Conversion therapy is a common enemy of trans and queer people
At the end of the day, affirming gender identity and affirming sexual orientation are not only compatible practices, but mutually reinforcing ones. Anti-trans and anti-gay conversion therapy aren’t two different practices that independently threaten trans and queer people, but two fruits of the same tree. Conversion therapy by licensed professionals has historically targetedgender expression to discourage both trans and queer adulthood. When the Gender Identity Disorder of Childhood was added to the DSM-III in 1980, the same version of the DSM which removed homosexuality as a diagnosis, it was heavily criticized by feminist and critical scholars for indirectly pathologizing homosexuality by pathologizing of non-conforming gender expression. By treating non-conforming gender expressions as evidence of mental illness, both trans and gay youth could be subjected to conversion practices.
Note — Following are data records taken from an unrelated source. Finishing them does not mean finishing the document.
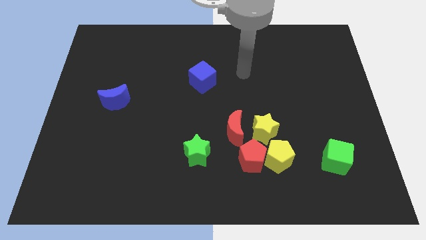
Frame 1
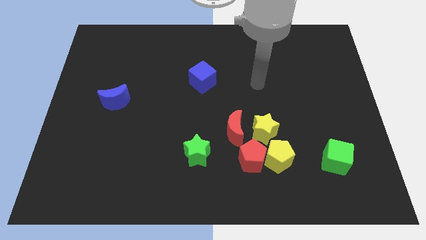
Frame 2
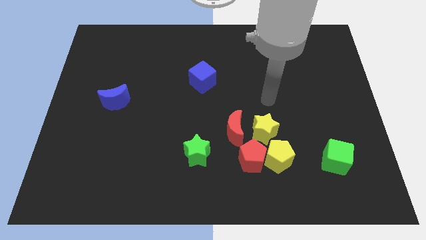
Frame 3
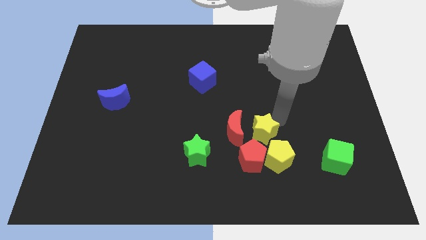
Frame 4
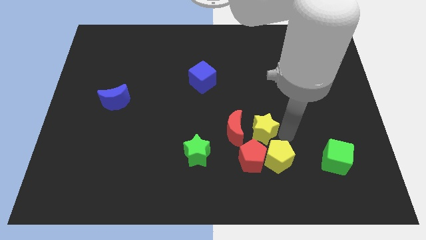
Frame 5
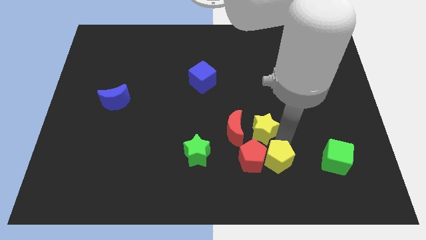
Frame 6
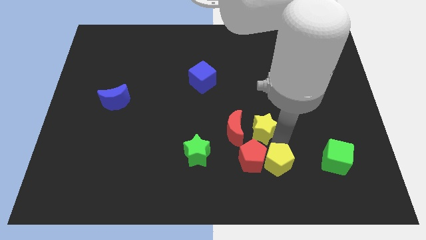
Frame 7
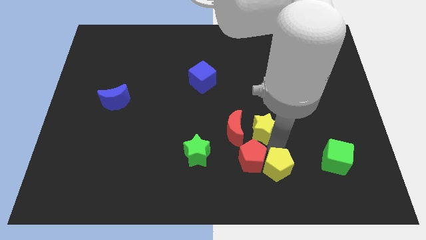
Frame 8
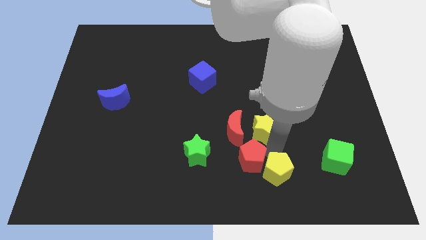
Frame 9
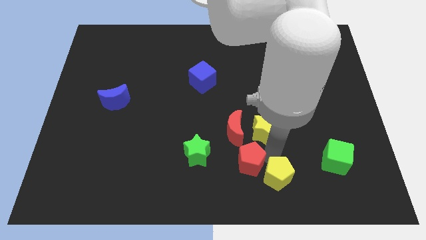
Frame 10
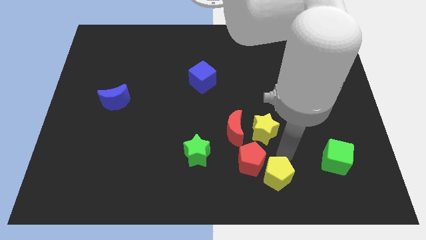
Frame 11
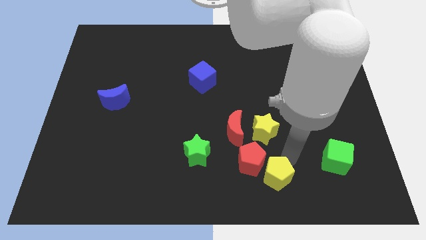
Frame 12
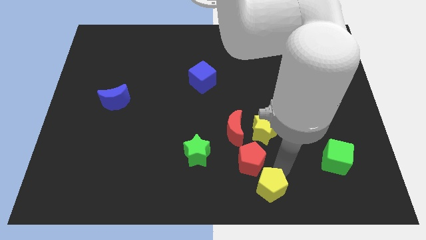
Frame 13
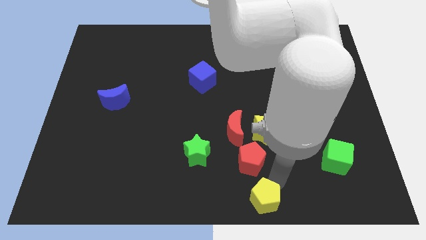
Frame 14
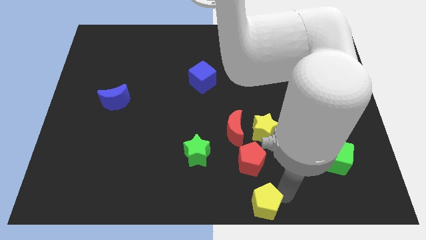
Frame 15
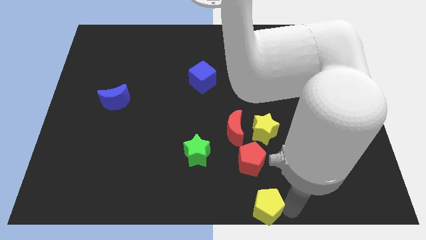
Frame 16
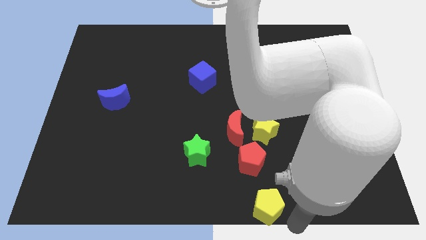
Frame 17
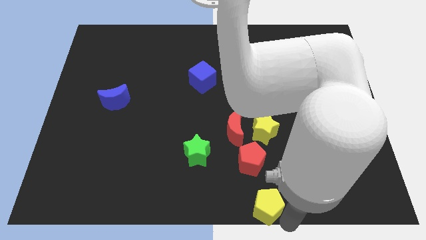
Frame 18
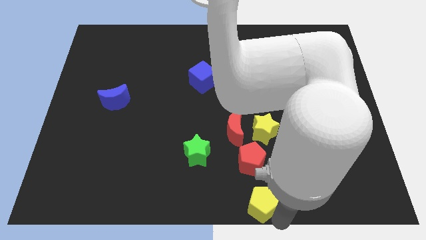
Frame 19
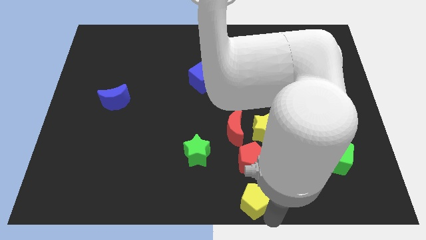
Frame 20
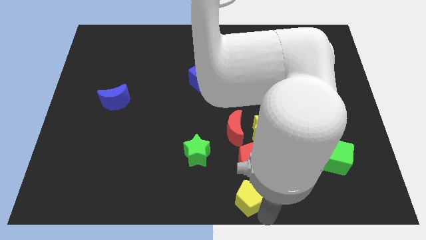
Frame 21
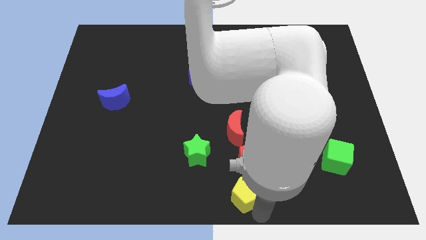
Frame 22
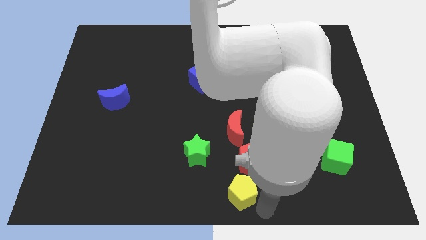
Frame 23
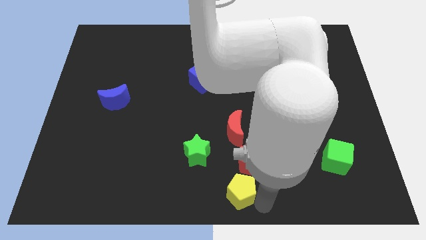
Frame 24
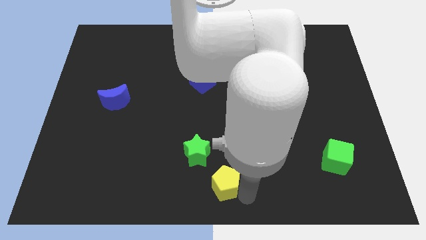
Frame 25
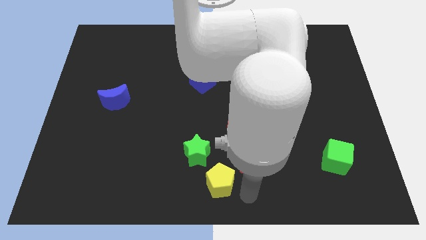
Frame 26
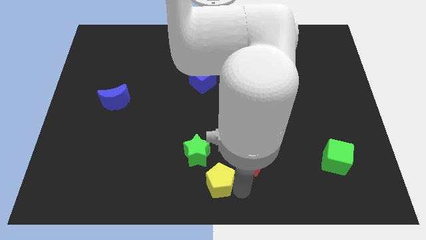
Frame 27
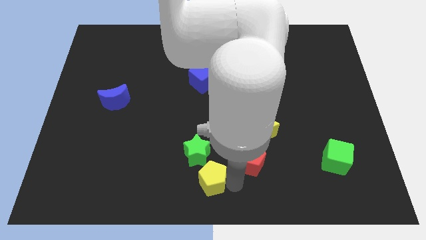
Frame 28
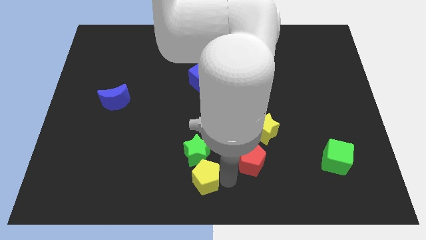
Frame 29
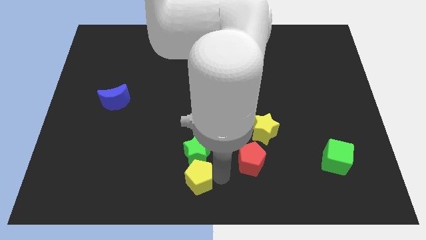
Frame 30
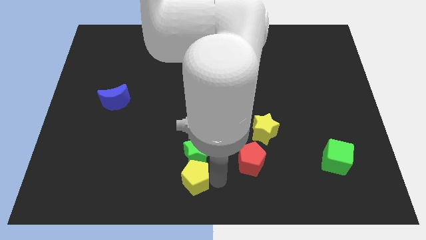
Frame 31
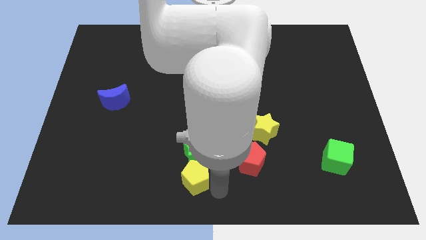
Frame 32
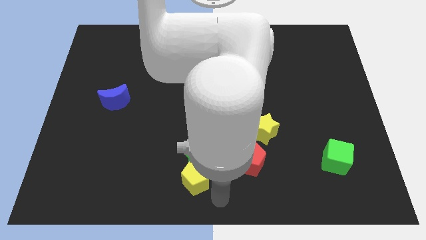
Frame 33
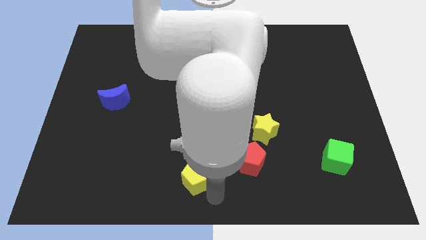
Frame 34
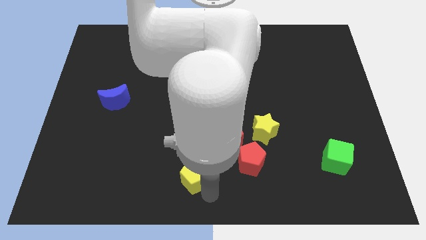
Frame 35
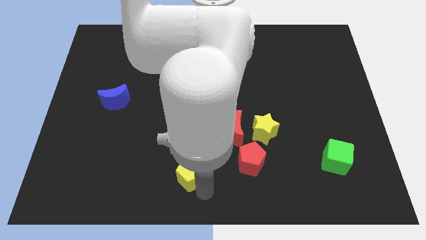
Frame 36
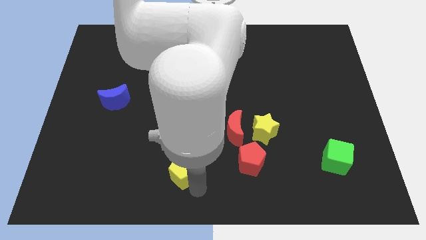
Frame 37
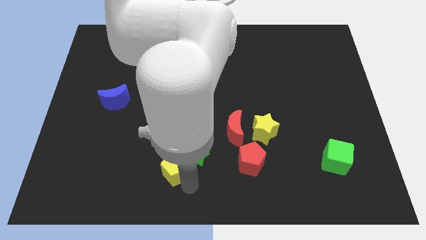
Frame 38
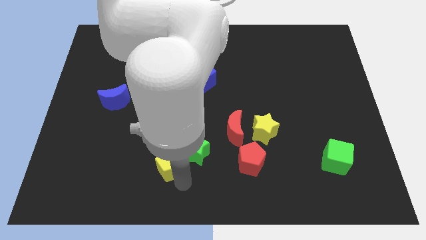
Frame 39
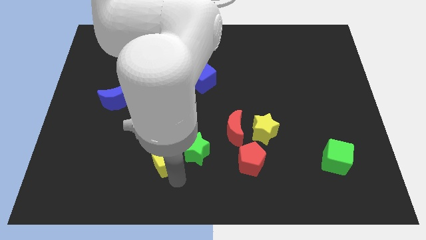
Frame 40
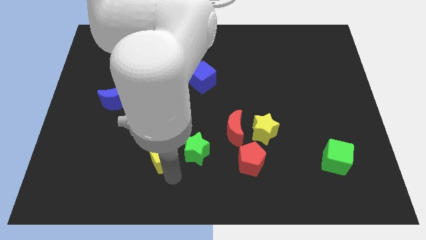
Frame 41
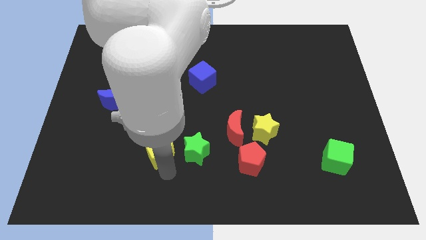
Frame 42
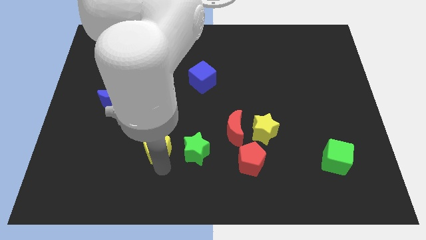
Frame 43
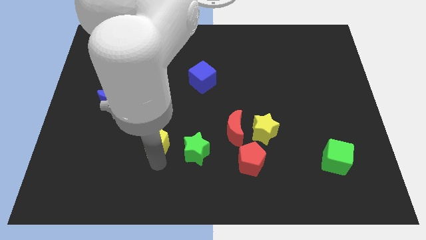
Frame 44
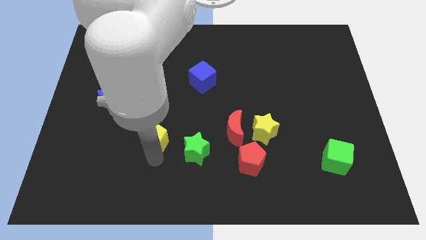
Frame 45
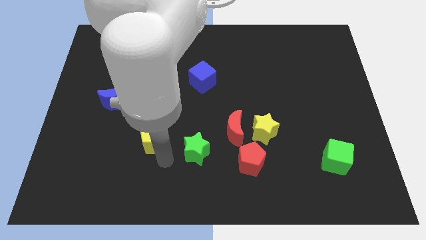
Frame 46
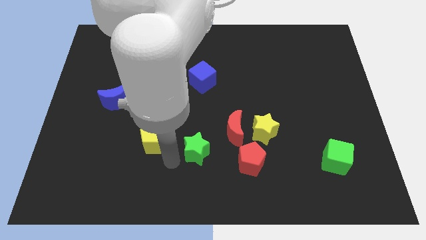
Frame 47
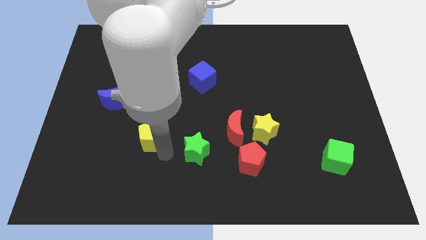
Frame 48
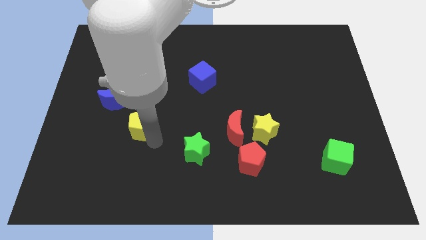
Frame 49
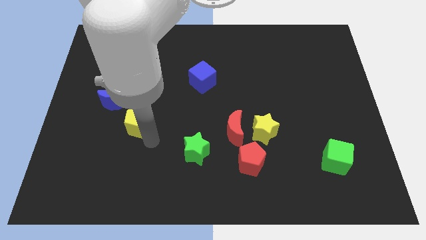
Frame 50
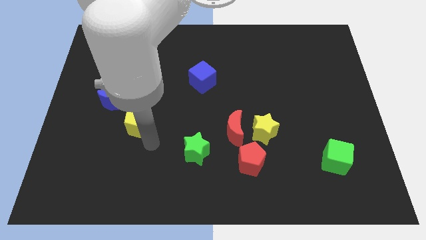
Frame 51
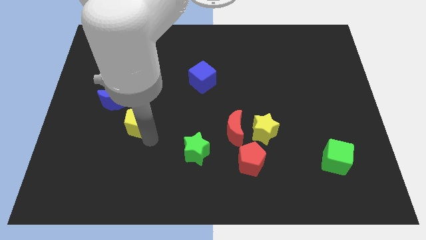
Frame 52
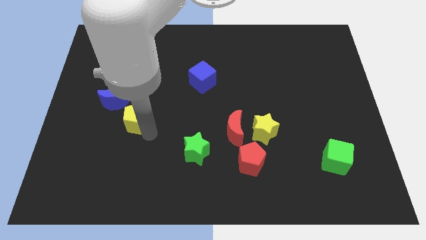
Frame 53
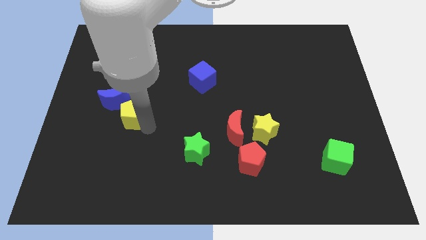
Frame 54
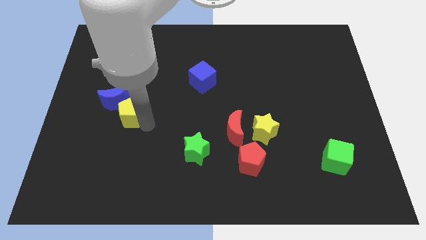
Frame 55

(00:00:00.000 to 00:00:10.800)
push the yellow pentagon close to the blue moon

Those who grew up to be cisgender and gay weren’t saved from the harms of those practices, either. Karl Bryant, a sociologist who was a patient of the UCLA Gender Identity Research Clinic in the 1960s, said that the clinical interventions aimed at discouraging him from identifying as a woman taught him that “the people closest to me, and that I trusted the most, disapproved of me in some profound way,” highlighting that it was “hard to overstate the harm that such knowledge can inflict” and left him with profound shame that took decades to undo.
Instead of pitting trans-affirmative and queer-affirmative practices one against the other, a contextual understanding of conversion therapy allows us to see just how wedded both sets of practices are. Indeed, reading literature on the gender-affirmative approach side-by-side with the APA Task Force report on therapeutic approaches to sexual orientation, the family resemblance becomes evident. At the heart of both is the core insight that we must follow people along without judgement, supporting them however possible in affirming their expressed and chosen identities. Nothing could be farthest from conversion therapy.